Well, I thought I would give everyone a report on how my first weekend of smoking went.  I started Saturday afternoon off with bacon wrapped chicken breast with the ham and cheese inside.  I was planning on doing the ribeyes, but all I had for smoke was hickory and apple.  I'll wait on the ribeyes until the Jim Beam or Crown come in.  But the chicken was complete in two hours, four apple pucks gave the chicken a TERRIFIC flavor.  Our first meal couldn't have come out better!  My wife was very skeptical after smelling the apple smoke, and so was I a little.  But the flavor it imparted was great.  Although, I am sure the four pieces of bacon didn't hurt the cause either.  ;D

Immediately after taking the chicken off, a nice way to preheat things, into the smoker went the 9 lb. butt.  I screwed up kind of, I let it sit and warm up for only 45 minutes-the liquid fire prevention caused me to forget to get it out earlier.  It started without a hitch, the box temps came up faster than I was expecting.  Meat started at 43 degrees, after four hours of hickory, the temps had come up to 140 degrees.  At this point, I took the Maverick and went to bed, waking up to check temps two or three times.  It seemed to take forever to get up to 160 degrees, I thought this was the stall everyone talks about-NOT.  After hitting 160 and staying there for what seemed a week, it finally started climbing again.

When it hit 175, I took the meat out and put into a sealed aluminum pan with apple juice and and back into the smoker it went.  After several more hours, finally hit 185 degrees.  At this point, I made my only real mistake.  I pulled out the shelf to remove the temp probe, planning on putting the pan into the awaiting cooler with towels.  Temp probe remove successfully, I saw a small piece that needed to be removed for official taste testing, you know how it is.  All of a sudden my entire world started tipping out toward the ground!!!  I quickly shoved my hands in it's path ready to save my hard work from the patio...  You can pretty much guess how it turned out.  I caught 9 lbs. of 185 degree meat in my bare hands!  :o :o :o  It now became apparent that I hadn't had enough fire prevention yet today.  The meat made a lightening quick trip back into the now juiceless aluminum pan.  The juice that helped keep the meat from drying out for the last couple of hours, all ended up on my knee and the patio.  It did its job yet again, both my knee and the patio were very moist after that.

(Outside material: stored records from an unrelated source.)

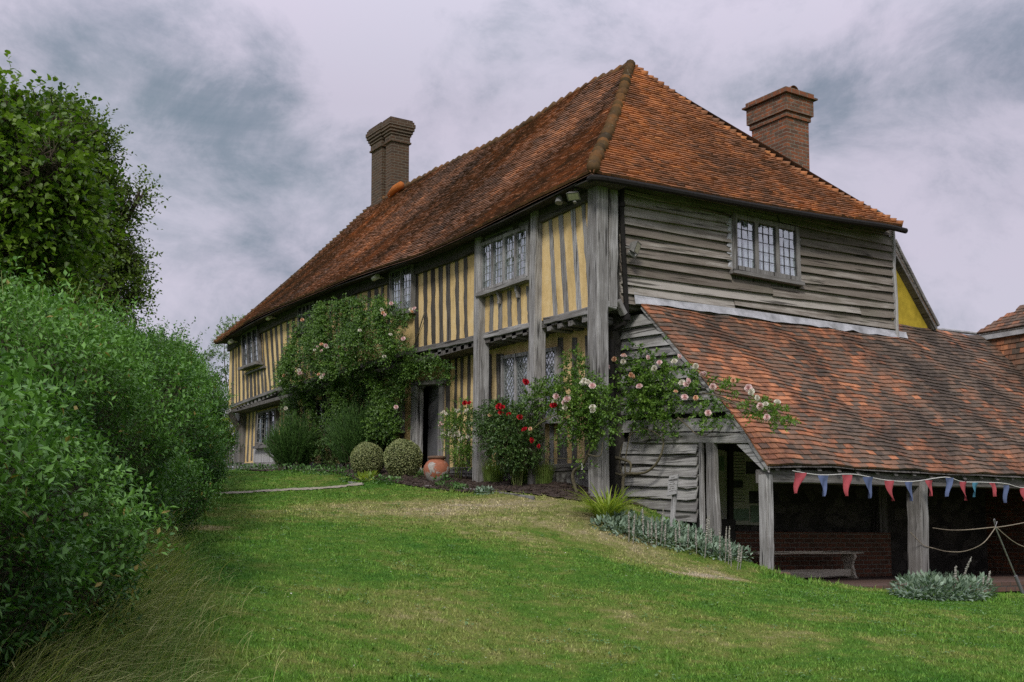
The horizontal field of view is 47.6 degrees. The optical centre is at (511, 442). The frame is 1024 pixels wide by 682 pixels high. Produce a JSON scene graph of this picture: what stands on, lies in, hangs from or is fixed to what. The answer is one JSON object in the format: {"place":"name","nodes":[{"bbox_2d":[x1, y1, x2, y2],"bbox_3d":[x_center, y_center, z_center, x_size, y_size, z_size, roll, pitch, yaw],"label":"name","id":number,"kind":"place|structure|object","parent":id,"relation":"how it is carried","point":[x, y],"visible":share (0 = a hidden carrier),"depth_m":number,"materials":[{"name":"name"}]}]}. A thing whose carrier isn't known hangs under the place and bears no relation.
{"place":"outdoors","nodes":[
{"label":"outdoors","id":0,"kind":"place"},
{"bbox_2d":[0,490,353,681],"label":"tall grass","id":1,"kind":"structure","parent":0,"point":[80,662],"depth_m":5.76,"materials":[{"name":"green plant"}]},
{"bbox_2d":[216,482,363,493],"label":"garden path","id":2,"kind":"structure","parent":0,"point":[310,488],"depth_m":20.21,"materials":[{"name":"grey stone"}]},
{"bbox_2d":[0,468,1023,681],"bbox_3d":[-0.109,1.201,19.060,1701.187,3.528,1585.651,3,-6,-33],"label":"lawn","id":3,"kind":"structure","parent":0,"point":[548,535],"depth_m":9.66,"materials":[{"name":"green plant"}]},
{"bbox_2d":[0,50,130,320],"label":"broadleaf tree","id":4,"kind":"object","parent":3,"relation":"on","point":[49,198],"visible":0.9,"depth_m":9.97,"materials":[{"name":"green plant"}]},
{"bbox_2d":[14,82,170,328],"bbox_3d":[-8.312,-2.457,19.822,5.717,6.944,3.088,-3,-6,29],"label":"dark tree","id":5,"kind":"object","parent":3,"relation":"on","point":[132,268],"visible":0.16,"depth_m":18.89,"materials":[{"name":"green plant"}]},
{"bbox_2d":[0,256,244,676],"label":"hedge","id":6,"kind":"object","parent":3,"relation":"on","point":[113,433],"visible":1,"depth_m":5.66,"materials":[{"name":"green plant"}]},
{"bbox_2d":[201,347,237,467],"bbox_3d":[-9.654,-0.872,36.582,3.420,4.486,3.159,3,-6,-33],"label":"dark shrub","id":7,"kind":"object","parent":3,"relation":"on","point":[211,355],"visible":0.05,"depth_m":36.85,"materials":[{"name":"green plant"}]},
{"bbox_2d":[210,314,243,445],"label":"garden tree","id":8,"kind":"object","parent":3,"relation":"on","point":[218,334],"visible":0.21,"depth_m":41.92,"materials":[{"name":"green plant"}]},
{"bbox_2d":[221,415,234,460],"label":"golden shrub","id":9,"kind":"object","parent":3,"relation":"on","point":[229,434],"visible":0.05,"depth_m":33.48,"materials":[{"name":"green plant"}]},
{"bbox_2d":[218,445,241,469],"bbox_3d":[-7.979,0.397,30.724,1.822,0.750,0.071,3,-6,-30],"label":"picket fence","id":10,"kind":"object","parent":3,"relation":"on","point":[239,464],"visible":0.07,"depth_m":30.98,"materials":[{"name":"grey wood"}]},
{"bbox_2d":[236,462,402,483],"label":"ground cover","id":11,"kind":"object","parent":3,"relation":"on","point":[307,467],"visible":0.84,"depth_m":23.50,"materials":[{"name":"green plant"}]},
{"bbox_2d":[229,467,648,507],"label":"flower bed soil","id":12,"kind":"structure","parent":3,"relation":"on","point":[504,484],"depth_m":18.18,"materials":[{"name":"brown soil"}]},
{"bbox_2d":[263,408,321,469],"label":"rosemary bush","id":13,"kind":"object","parent":12,"relation":"on","point":[291,444],"visible":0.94,"depth_m":25.43,"materials":[{"name":"green plant"}]},
{"bbox_2d":[303,419,339,467],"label":"shrub","id":14,"kind":"object","parent":12,"relation":"on","point":[324,452],"visible":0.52,"depth_m":25.37,"materials":[{"name":"green plant"}]},
{"bbox_2d":[320,395,393,469],"bbox_3d":[-3.101,-0.212,23.868,1.562,1.663,2.382,3,-6,-33],"label":"rosemary bush","id":15,"kind":"object","parent":12,"relation":"on","point":[344,439],"visible":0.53,"depth_m":23.52,"materials":[{"name":"green plant"}]},
{"bbox_2d":[268,293,455,466],"bbox_3d":[-3.545,-1.270,23.977,1.284,3.822,8.177,3,-6,-33],"label":"climbing rose","id":16,"kind":"object","parent":12,"relation":"on","point":[378,399],"visible":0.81,"depth_m":23.26,"materials":[{"name":"green plant"}]},
{"bbox_2d":[353,470,378,481],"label":"hosta","id":17,"kind":"object","parent":12,"relation":"on","point":[367,475],"visible":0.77,"depth_m":20.95,"materials":[{"name":"green plant"}]},
{"bbox_2d":[350,442,383,474],"bbox_3d":[-2.799,0.327,22.423,0.693,0.700,0.689,3,-6,-33],"label":"clipped ball","id":18,"kind":"object","parent":12,"relation":"on","point":[367,456],"visible":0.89,"depth_m":22.21,"materials":[{"name":"green plant"}]},
{"bbox_2d":[383,438,422,476],"bbox_3d":[-2.017,0.290,21.296,0.755,0.743,0.748,3,-6,-33],"label":"clipped ball","id":19,"kind":"object","parent":12,"relation":"on","point":[402,457],"visible":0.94,"depth_m":21.08,"materials":[{"name":"green plant"}]},
{"bbox_2d":[413,468,423,478],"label":"leafy plant","id":20,"kind":"object","parent":12,"relation":"on","point":[419,473],"visible":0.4,"depth_m":20.68,"materials":[{"name":"green plant"}]},
{"bbox_2d":[423,456,449,480],"bbox_3d":[-1.313,0.468,20.237,0.471,0.452,0.471,3,-6,-33],"label":"terracotta pot","id":21,"kind":"object","parent":12,"relation":"on","point":[438,466],"visible":0.94,"depth_m":20.07,"materials":[{"name":"ceramic"}]},
{"bbox_2d":[434,480,448,486],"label":"bed edge plant","id":22,"kind":"object","parent":12,"relation":"on","point":[435,483],"visible":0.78,"depth_m":19.36,"materials":[{"name":"green plant"}]},
{"bbox_2d":[433,472,452,480],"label":"leafy plant","id":23,"kind":"object","parent":12,"relation":"on","point":[445,475],"visible":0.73,"depth_m":20.01,"materials":[{"name":"green plant"}]},
{"bbox_2d":[434,397,478,478],"bbox_3d":[-0.917,-0.051,20.180,0.699,1.494,1.299,3,-6,-33],"label":"white rose","id":24,"kind":"object","parent":12,"relation":"on","point":[454,430],"visible":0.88,"depth_m":20.10,"materials":[{"name":"green plant"}]},
{"bbox_2d":[445,481,469,489],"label":"bed edge plant","id":25,"kind":"object","parent":12,"relation":"on","point":[456,485],"visible":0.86,"depth_m":18.67,"materials":[{"name":"green plant"}]},
{"bbox_2d":[474,485,493,494],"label":"bed edge plant","id":26,"kind":"object","parent":12,"relation":"on","point":[477,490],"visible":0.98,"depth_m":17.73,"materials":[{"name":"green plant"}]},
{"bbox_2d":[479,459,505,481],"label":"lavender tuft","id":27,"kind":"object","parent":12,"relation":"on","point":[492,475],"visible":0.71,"depth_m":19.46,"materials":[{"name":"green plant"}]},
{"bbox_2d":[462,379,568,485],"bbox_3d":[0.089,-0.095,18.211,0.903,1.682,2.774,3,-6,-33],"label":"red rose","id":28,"kind":"object","parent":12,"relation":"on","point":[520,450],"visible":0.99,"depth_m":18.19,"materials":[{"name":"green plant"}]},
{"bbox_2d":[510,464,527,483],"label":"lavender tuft","id":29,"kind":"object","parent":12,"relation":"on","point":[525,476],"visible":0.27,"depth_m":18.64,"materials":[{"name":"green plant"}]},
{"bbox_2d":[528,460,556,483],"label":"lavender tuft","id":30,"kind":"object","parent":12,"relation":"on","point":[544,478],"visible":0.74,"depth_m":18.25,"materials":[{"name":"green plant"}]},
{"bbox_2d":[515,343,624,491],"bbox_3d":[0.827,-0.330,17.216,0.765,2.295,2.498,3,-6,-33],"label":"pink rose","id":31,"kind":"object","parent":12,"relation":"on","point":[578,405],"visible":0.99,"depth_m":16.88,"materials":[{"name":"green plant"}]},
{"bbox_2d":[608,336,801,497],"bbox_3d":[2.553,-0.451,16.240,0.631,2.460,3.920,3,-6,-33],"label":"climbing rose bush","id":32,"kind":"object","parent":12,"relation":"on","point":[644,395],"visible":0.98,"depth_m":16.71,"materials":[{"name":"green plant"}]},
{"bbox_2d":[461,487,534,499],"bbox_3d":[-0.242,0.785,17.759,0.036,0.295,2.197,3,-6,-31],"label":"edging board","id":33,"kind":"object","parent":3,"relation":"on","point":[529,497],"visible":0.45,"depth_m":17.14,"materials":[{"name":"grey wood"}]},
{"bbox_2d":[213,59,939,532],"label":"timber framed house","id":34,"kind":"structure","parent":3,"relation":"on","point":[589,217],"depth_m":20.08,"materials":[{"name":"tile"}]},
{"bbox_2d":[238,326,262,370],"bbox_3d":[-6.571,-2.359,29.093,0.195,0.996,1.369,3,-6,-33],"label":"window","id":35,"kind":"structure","parent":34,"relation":"in","point":[251,349],"depth_m":29.05,"materials":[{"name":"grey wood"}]},
{"bbox_2d":[252,408,278,448],"bbox_3d":[-6.202,-0.316,29.203,0.145,0.990,1.438,3,-6,-33],"label":"window","id":36,"kind":"structure","parent":34,"relation":"in","point":[272,413],"depth_m":29.28,"materials":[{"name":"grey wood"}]},
{"bbox_2d":[297,301,315,335],"bbox_3d":[-4.640,-2.782,26.213,0.145,0.763,0.996,3,-6,-33],"label":"window","id":37,"kind":"structure","parent":34,"relation":"in","point":[309,304],"depth_m":26.32,"materials":[{"name":"grey wood"}]},
{"bbox_2d":[316,399,334,431],"bbox_3d":[-4.202,-0.603,26.160,0.145,0.769,1.007,3,-6,-33],"label":"window","id":38,"kind":"structure","parent":34,"relation":"in","point":[318,408],"depth_m":26.34,"materials":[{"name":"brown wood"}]},
{"bbox_2d":[388,403,404,433],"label":"window","id":39,"kind":"structure","parent":34,"relation":"in","point":[403,412],"depth_m":23.11,"materials":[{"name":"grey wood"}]},
{"bbox_2d":[389,264,415,316],"bbox_3d":[-2.145,-2.909,22.397,0.145,0.996,0.963,3,-6,-33],"label":"window","id":40,"kind":"structure","parent":34,"relation":"in","point":[402,290],"depth_m":22.37,"materials":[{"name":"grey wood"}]},
{"bbox_2d":[427,386,438,460],"bbox_3d":[-1.524,-0.386,22.564,0.063,1.637,0.729,2,-5,-21],"label":"door","id":41,"kind":"structure","parent":34,"relation":"in","point":[433,390],"depth_m":22.54,"materials":[{"name":"grey paint"}]},
{"bbox_2d":[475,224,529,296],"bbox_3d":[-0.143,-3.008,19.335,0.145,0.934,1.557,3,-6,-33],"label":"window","id":42,"kind":"structure","parent":34,"relation":"in","point":[504,264],"depth_m":19.32,"materials":[{"name":"grey wood"}]},
{"bbox_2d":[501,347,562,423],"bbox_3d":[0.275,-0.897,19.328,0.145,1.322,1.749,3,-6,-33],"label":"window","id":43,"kind":"structure","parent":34,"relation":"in","point":[514,367],"depth_m":19.61,"materials":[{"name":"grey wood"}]},
{"bbox_2d":[729,213,804,286],"bbox_3d":[4.214,-3.174,19.184,1.630,1.008,0.125,3,-6,-33],"label":"window","id":44,"kind":"structure","parent":34,"relation":"in","point":[762,249],"depth_m":19.19,"materials":[{"name":"grey wood"}]},
{"bbox_2d":[173,493,1023,680],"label":"lawn clover","id":45,"kind":"object","parent":3,"relation":"on","point":[656,674],"visible":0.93,"depth_m":10.87,"materials":[{"name":"green plant"}]},
{"bbox_2d":[549,482,657,521],"bbox_3d":[1.234,0.805,15.713,1.972,0.541,1.800,-1,-5,15],"label":"daylily","id":46,"kind":"object","parent":3,"relation":"on","point":[608,505],"visible":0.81,"depth_m":15.54,"materials":[{"name":"green plant"}]},
{"bbox_2d":[587,507,753,569],"bbox_3d":[2.122,1.253,15.357,2.243,0.840,1.362,-1,-5,7],"label":"lambs ear","id":47,"kind":"object","parent":3,"relation":"on","point":[651,527],"visible":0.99,"depth_m":15.10},
{"bbox_2d":[667,474,678,525],"bbox_3d":[2.198,0.866,15.789,0.069,0.855,0.253,3,-6,-33],"label":"notice","id":48,"kind":"object","parent":3,"relation":"on","point":[672,485],"visible":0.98,"depth_m":15.78,"materials":[{"name":"grey wood"}]},
{"bbox_2d":[885,557,998,600],"bbox_3d":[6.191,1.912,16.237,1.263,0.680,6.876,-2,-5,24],"label":"lambs ear","id":49,"kind":"object","parent":3,"relation":"on","point":[926,582],"visible":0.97,"depth_m":13.50},
{"bbox_2d":[977,305,1023,573],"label":"outbuilding","id":50,"kind":"structure","parent":3,"relation":"on","point":[1004,334],"depth_m":22.42,"materials":[{"name":"tile"}]},
{"bbox_2d":[993,519,1023,593],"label":"rope stake","id":51,"kind":"object","parent":3,"relation":"on","point":[1018,583],"visible":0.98,"depth_m":16.48,"materials":[{"name":"wood"}]},
{"bbox_2d":[910,528,994,551],"bbox_3d":[6.300,1.386,16.579,0.524,0.368,1.042,4,-6,-38],"label":"rope","id":52,"kind":"object","parent":51,"relation":"attached to","point":[959,551],"visible":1,"depth_m":16.43,"materials":[{"name":"fabric"}]},
{"bbox_2d":[934,527,994,530],"bbox_3d":[6.426,1.240,16.670,0.208,0.053,0.988,4,-6,-37],"label":"rope","id":53,"kind":"object","parent":51,"relation":"attached to","point":[965,529],"visible":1,"depth_m":16.47,"materials":[{"name":"beige fabric"}]},
{"bbox_2d":[0,0,1023,468],"label":"sky","id":54,"kind":"structure","parent":0,"point":[254,117],"materials":[{"name":"grey"}]},
{"bbox_2d":[705,519,735,544],"bbox_3d":[3.160,1.643,17.712,0.371,0.938,0.362,3,-6,-33],"label":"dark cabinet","id":55,"kind":"object","parent":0,"point":[731,523],"visible":0.21,"depth_m":17.63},
{"bbox_2d":[804,573,1023,591],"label":"shelter floor","id":56,"kind":"structure","parent":0,"point":[1003,582],"depth_m":17.45,"materials":[{"name":"brick"}]},
{"bbox_2d":[744,551,863,577],"bbox_3d":[4.704,1.963,18.592,2.424,0.454,0.340,3,-6,-33],"label":"bench","id":57,"kind":"object","parent":56,"relation":"on","point":[848,559],"visible":0.7,"depth_m":18.75,"materials":[{"name":"grey wood"}]},
{"bbox_2d":[735,531,891,576],"bbox_3d":[4.270,1.862,19.206,5.650,0.762,0.345,3,-6,-33],"label":"brick ledge","id":58,"kind":"object","parent":56,"relation":"on","point":[874,559],"visible":0.43,"depth_m":19.71,"materials":[{"name":"brown brick"}]},
{"bbox_2d":[718,444,760,524],"bbox_3d":[3.761,0.698,19.067,1.226,1.321,0.080,3,-6,-33],"label":"display board","id":59,"kind":"object","parent":58,"relation":"on","point":[739,493],"visible":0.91,"depth_m":19.04,"materials":[{"name":"paper"}]},
{"bbox_2d":[620,304,1023,575],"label":"lean to shelter","id":60,"kind":"object","parent":56,"relation":"on","point":[918,403],"visible":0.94,"depth_m":17.80,"materials":[{"name":"tile"}]},
{"bbox_2d":[792,470,1023,502],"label":"bunting","id":61,"kind":"object","parent":60,"relation":"hanging from","point":[823,478],"visible":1,"depth_m":16.41,"materials":[{"name":"red fabric"}]}
]}

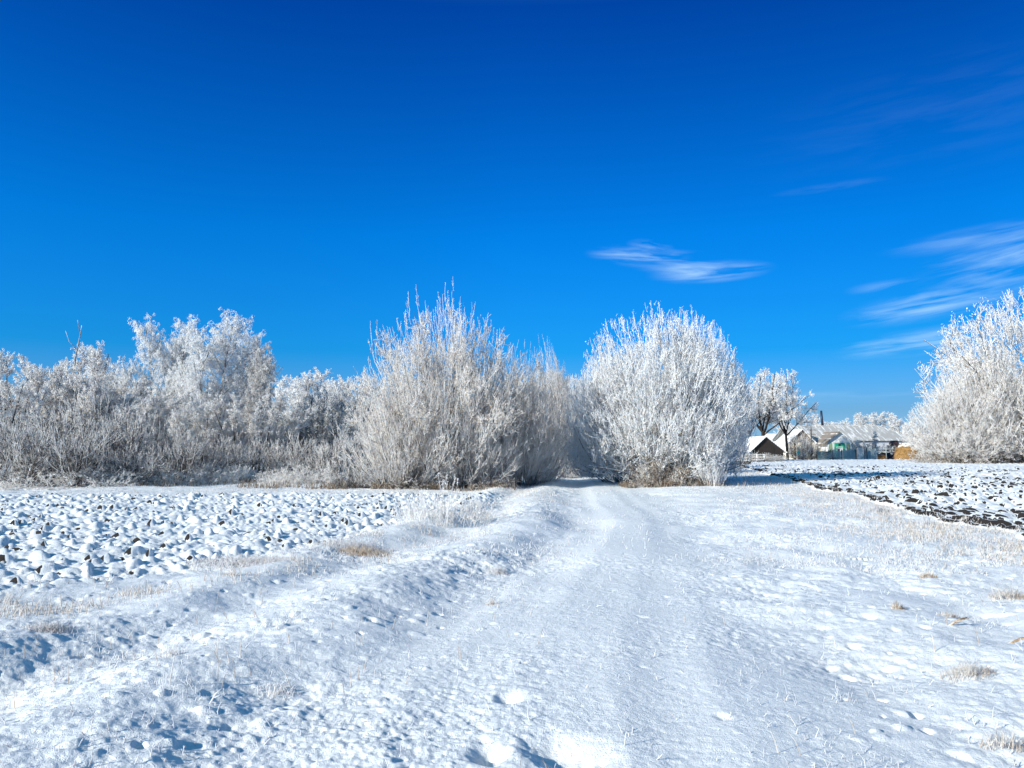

So after the initial shock wore off, I put more apple juice in the pan, sealed it back up and into the cooler it went.  I let it sit for the next two hours, then pulled and ate some of the best pulled pork I have eaten.  No need for sauce at all.  It had a wonderfull flavor, was fall-apart tender, and juicier than I expected.   Both my wife and oldest son thought it was incredible.  Our youngest son doesn't eat much of anything lately, so his opinion doesn't count. ;D

So the weekend was a success and only had a short detour into the burn ward.  ;D ;D  Actually there wasn't any harm done except to my pride.  I still remember the single thought running through my head as the pan started tipping-SAVE THE MEAT!!! 

Now I think I will make some stainless angles to rivet above each shelf so this incident won't happen again.  I narrowly avoided 3rd degree burns this time, I may not be so lucky next time.  Sorry no pictures, the meat-in-hands incident kind of threw me off my game, maybe next time.

OU812

Good save.

Had that happen to me on a turkey but the juices went all over my twelve pack abbs.

Glad everything turned out for you.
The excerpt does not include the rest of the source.